EXERCISE AIM: Starting at the first line of the data below, write out each line exactly until you reach the line containing "This is the regular roman posture of the typeface. Do", and include that line too.

PROVIDED DATA:
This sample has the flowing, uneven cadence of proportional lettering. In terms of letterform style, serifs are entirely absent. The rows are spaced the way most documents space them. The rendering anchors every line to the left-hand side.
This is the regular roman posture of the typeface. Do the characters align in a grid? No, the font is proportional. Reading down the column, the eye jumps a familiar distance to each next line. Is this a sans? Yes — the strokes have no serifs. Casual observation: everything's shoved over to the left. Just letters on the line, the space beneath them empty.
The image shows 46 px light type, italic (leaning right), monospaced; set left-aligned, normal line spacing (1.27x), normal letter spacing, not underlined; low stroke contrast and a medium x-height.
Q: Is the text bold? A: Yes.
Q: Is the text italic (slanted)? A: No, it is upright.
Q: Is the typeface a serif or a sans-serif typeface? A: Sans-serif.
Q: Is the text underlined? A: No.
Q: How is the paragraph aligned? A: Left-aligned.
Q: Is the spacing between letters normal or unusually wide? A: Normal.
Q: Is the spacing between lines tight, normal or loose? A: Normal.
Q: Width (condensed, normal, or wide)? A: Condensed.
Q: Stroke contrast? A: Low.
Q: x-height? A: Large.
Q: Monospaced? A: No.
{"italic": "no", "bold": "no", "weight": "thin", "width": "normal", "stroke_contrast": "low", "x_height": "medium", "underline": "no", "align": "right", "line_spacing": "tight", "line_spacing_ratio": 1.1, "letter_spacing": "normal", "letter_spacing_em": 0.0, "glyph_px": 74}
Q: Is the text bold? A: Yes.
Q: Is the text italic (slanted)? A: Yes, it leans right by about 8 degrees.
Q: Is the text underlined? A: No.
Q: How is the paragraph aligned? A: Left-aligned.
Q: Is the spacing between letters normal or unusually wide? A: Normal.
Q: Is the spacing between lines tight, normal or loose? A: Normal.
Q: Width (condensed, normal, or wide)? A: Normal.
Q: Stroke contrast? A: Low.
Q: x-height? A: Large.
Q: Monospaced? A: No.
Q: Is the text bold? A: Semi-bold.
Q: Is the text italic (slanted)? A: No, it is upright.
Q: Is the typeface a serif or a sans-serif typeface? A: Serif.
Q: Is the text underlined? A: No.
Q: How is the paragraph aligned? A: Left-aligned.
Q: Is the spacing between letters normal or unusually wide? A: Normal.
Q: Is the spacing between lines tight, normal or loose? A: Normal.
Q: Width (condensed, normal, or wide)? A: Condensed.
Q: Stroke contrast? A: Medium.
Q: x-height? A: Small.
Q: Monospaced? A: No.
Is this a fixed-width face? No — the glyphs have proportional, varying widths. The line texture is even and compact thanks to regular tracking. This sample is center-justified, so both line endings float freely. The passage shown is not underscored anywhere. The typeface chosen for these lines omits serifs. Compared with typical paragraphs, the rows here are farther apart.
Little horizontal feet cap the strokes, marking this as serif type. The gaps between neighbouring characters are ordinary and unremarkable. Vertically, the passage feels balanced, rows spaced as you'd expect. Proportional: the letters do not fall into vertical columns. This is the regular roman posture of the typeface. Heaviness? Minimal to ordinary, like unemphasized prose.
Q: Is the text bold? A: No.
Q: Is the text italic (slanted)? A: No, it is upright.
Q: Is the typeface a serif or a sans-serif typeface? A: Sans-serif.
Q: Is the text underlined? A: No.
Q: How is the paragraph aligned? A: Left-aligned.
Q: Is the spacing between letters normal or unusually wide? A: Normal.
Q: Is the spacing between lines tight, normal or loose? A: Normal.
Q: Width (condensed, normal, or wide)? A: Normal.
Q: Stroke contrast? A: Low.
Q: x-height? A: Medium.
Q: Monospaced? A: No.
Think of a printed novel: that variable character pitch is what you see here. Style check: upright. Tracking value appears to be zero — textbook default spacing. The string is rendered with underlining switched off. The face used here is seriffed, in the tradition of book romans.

SOLUTION FOR THIS PROBLEM:
This sample has the flowing, uneven cadence of proportional lettering. In terms of letterform style, serifs are entirely absent. The rows are spaced the way most documents space them. The rendering anchors every line to the left-hand side.
This is the regular roman posture of the typeface. Do the characters align in a grid? No, the font is proportional. Reading down the column, the eye jumps a familiar distance to each next line. Is this a sans? Yes — the strokes have no serifs. Casual observation: everything's shoved over to the left. Just letters on the line, the space beneath them empty.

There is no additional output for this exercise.